A few interesting links

  • This story has been out for a few days: Empathetic Rats Help Each Other Out. Comments I have read from people who have cared for rats say that the points made in the study are obvious–rats are wonderful little guys with complex social sensibilities and generous emotions. The purpose of the study, of course, was to prove the matter according to the rules of science. In teaching and sharing FIML, we sometimes feel like one of those rats who got out of his cage. All we wanna do is show other people how to get out.
  • This study from Yale, Tuning out: How brains benefit from meditation, shows how widespread the value of meditation can be. Note that the study finds that experienced meditators have “decreased activity in areas of the brain called the default mode network.” In ways somewhat similar to meditation, FIML practice should change what our default interpersonal mode is because by doing FIML we learn to monitor and discuss default responses from a “meta” point of view. This has a profound and profoundly beneficial effect on FIML partners because not just their own minds, but their interactions with each other also benefit greatly from increased awareness and decreased default responses. FIML practice has the added benefit of both partners being able to confirm with great confidence their mutual understanding.
  • This article is about widening our understanding of psychopathy: Psychopathy: A Misunderstood Personality Disorder. This subject may not seem to have much to do with Buddhism or FIML, but there are some parallels. Good Buddhist practice does eventually produce a sort of distancing from the rough-and-tumble of ordinary emotions. This is not the same as being emotionless, but I do know of at least one famous Buddhist master who tells people it’s best to “have no emotions.” That is a challenging idea that I have rejected for years but am more inclined now to see as a valuable guide in many situations. In FIML practice, it is essential that partners have enough self-control to hold their feelings in abeyance until they can check them with their partner. None of that is psychopathy as we usually understand that word, but the linked article does provide some indication that some aspects of what we call psychopathy may actually be desirable.

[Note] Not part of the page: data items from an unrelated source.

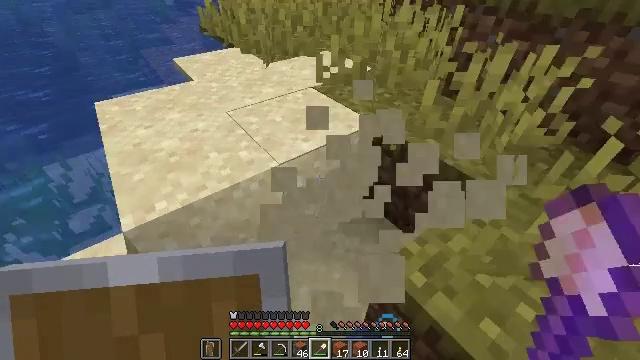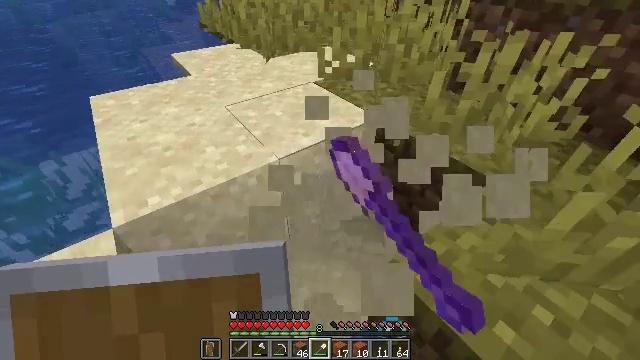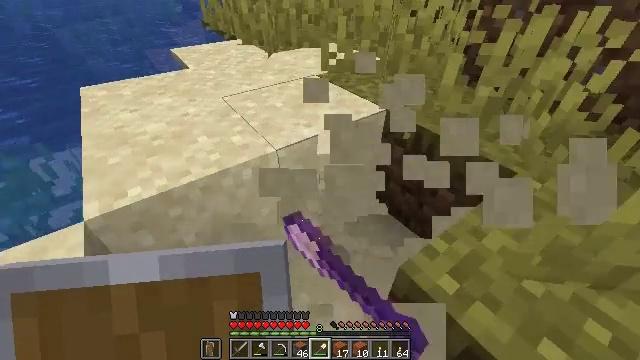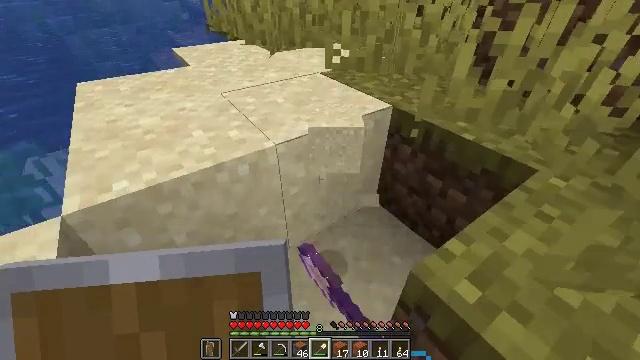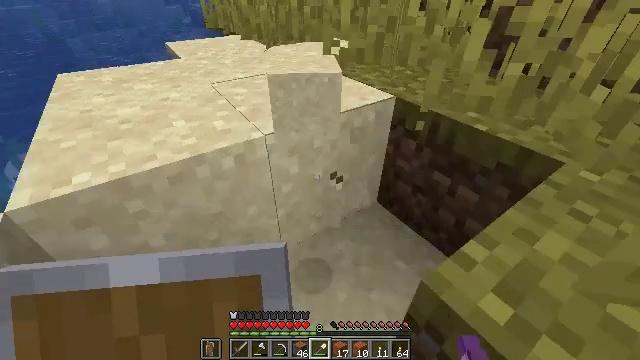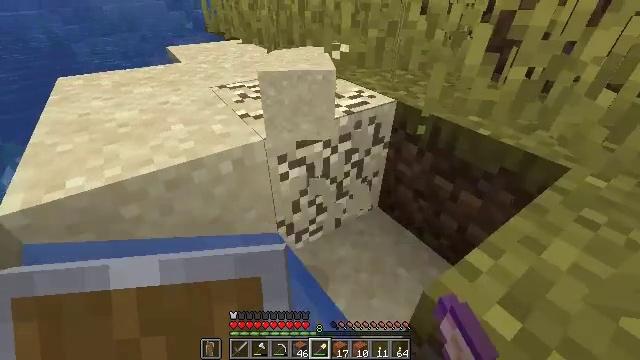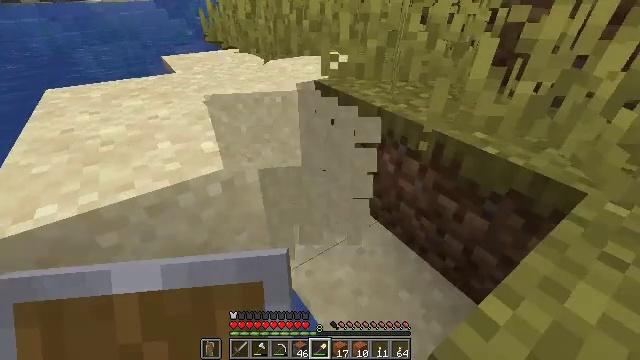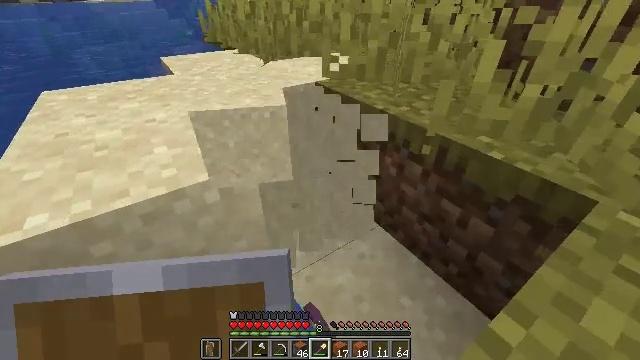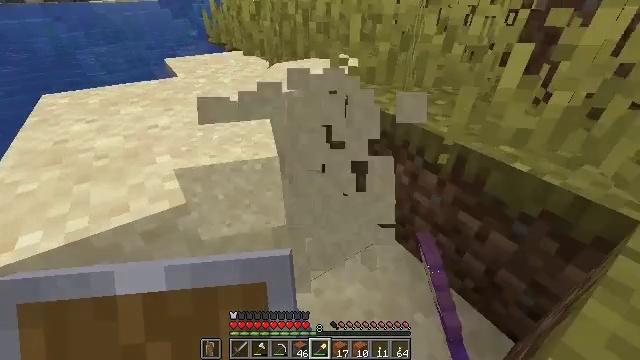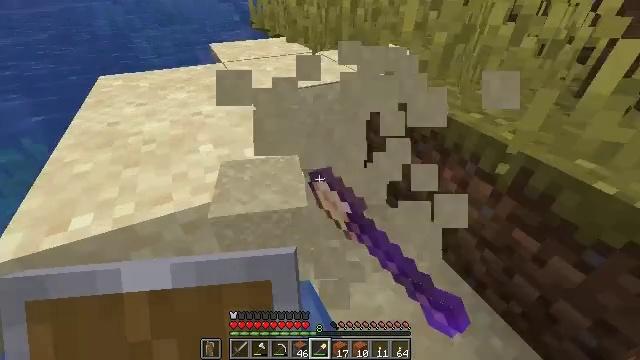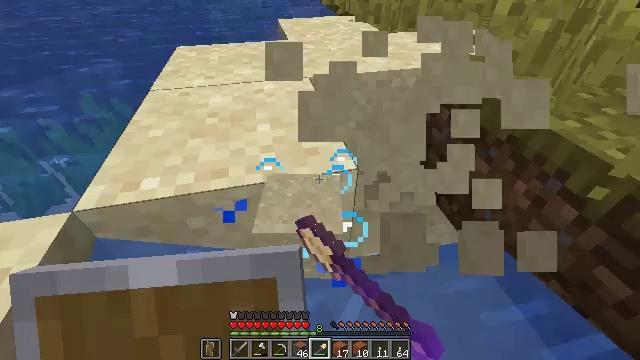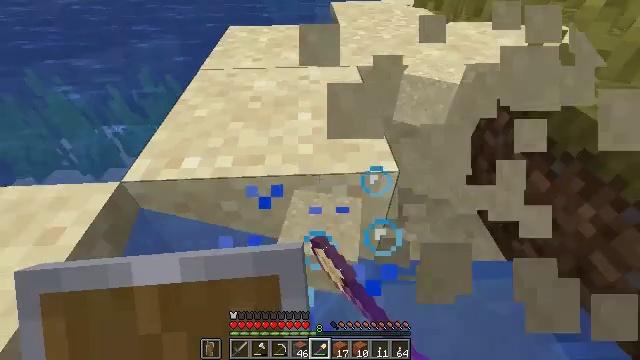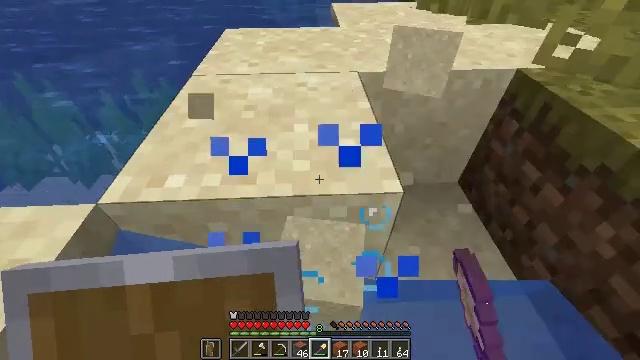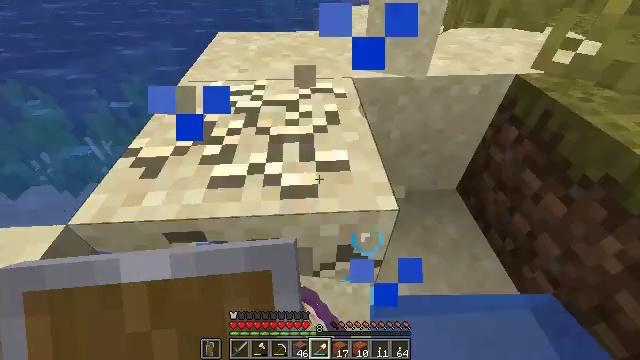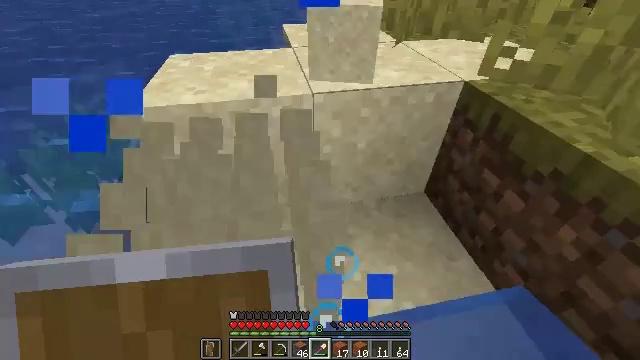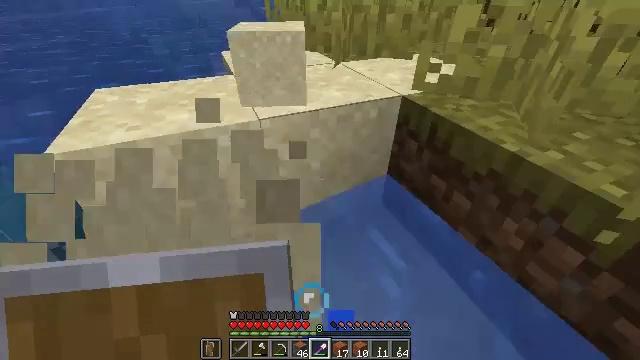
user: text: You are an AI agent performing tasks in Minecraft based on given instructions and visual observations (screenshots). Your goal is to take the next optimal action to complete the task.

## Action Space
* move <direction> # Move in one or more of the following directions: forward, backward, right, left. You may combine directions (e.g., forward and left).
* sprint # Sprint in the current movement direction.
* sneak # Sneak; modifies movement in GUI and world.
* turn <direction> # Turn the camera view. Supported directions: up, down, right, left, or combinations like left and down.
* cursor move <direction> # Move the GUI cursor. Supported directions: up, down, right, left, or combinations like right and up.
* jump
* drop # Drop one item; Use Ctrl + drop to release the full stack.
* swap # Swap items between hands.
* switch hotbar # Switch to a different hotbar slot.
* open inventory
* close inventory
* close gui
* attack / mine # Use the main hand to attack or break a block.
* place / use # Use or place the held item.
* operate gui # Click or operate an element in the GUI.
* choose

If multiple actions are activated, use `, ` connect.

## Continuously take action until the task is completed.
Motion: motion action
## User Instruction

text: Dig up some sand.
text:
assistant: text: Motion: attack / mine
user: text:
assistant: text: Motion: turn up, attack / mine
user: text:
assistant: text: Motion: turn up, attack / mine
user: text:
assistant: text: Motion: attack / mine
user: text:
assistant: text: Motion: attack / mine
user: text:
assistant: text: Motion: move forward, turn up, attack / mine
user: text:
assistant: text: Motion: move forward, attack / mine
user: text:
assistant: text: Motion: move forward, attack / mine
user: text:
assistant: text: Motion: move forward, turn left and down, attack / mine
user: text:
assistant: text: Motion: turn left and down, attack / mine
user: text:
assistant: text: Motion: turn left and down, attack / mine
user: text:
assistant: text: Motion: attack / mine
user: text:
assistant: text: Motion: attack / mine
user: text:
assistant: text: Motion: turn right and up, attack / mine
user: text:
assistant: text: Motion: turn right and up, attack / mine
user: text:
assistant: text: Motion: turn right and up, attack / mine
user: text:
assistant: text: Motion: turn right, attack / mine
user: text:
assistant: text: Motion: attack / mine
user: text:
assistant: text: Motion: attack / mine
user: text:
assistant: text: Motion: attack / mine
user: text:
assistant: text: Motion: attack / mine
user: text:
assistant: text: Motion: attack / mine
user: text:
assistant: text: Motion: attack / mine
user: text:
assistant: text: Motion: turn left, attack / mine
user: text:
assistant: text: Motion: turn left and down, attack / mine
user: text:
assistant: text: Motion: turn left and down, attack / mine
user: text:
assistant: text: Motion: attack / mine
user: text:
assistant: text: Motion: turn right and up, attack / mine
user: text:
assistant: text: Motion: turn right and up, attack / mine
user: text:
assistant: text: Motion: turn right, attack / mine

  • This article–Is Doing Harm the Same as Allowing It to Happen?–touches on Buddhist morality in that it shows us that it requires extra thought to see the value in preventing harm. A “sin” of omission is as bad as a “sin” of commission, if you think about it. In FIML practice, you can see this truth happening right in the moment and right in your own mind. With FIML you can see how real data plays out. If you feel a bothersome interpretation forming in your mind and you say nothing about it to your partner, you will leave them with the mistaken impression that everything has been understood and all is well with you. This omission may then lead you to further engage in a longer private series of thoughts and additional interpretations. From a small omission, a large and long stream of selfish and probably erroneous consciousness may follow.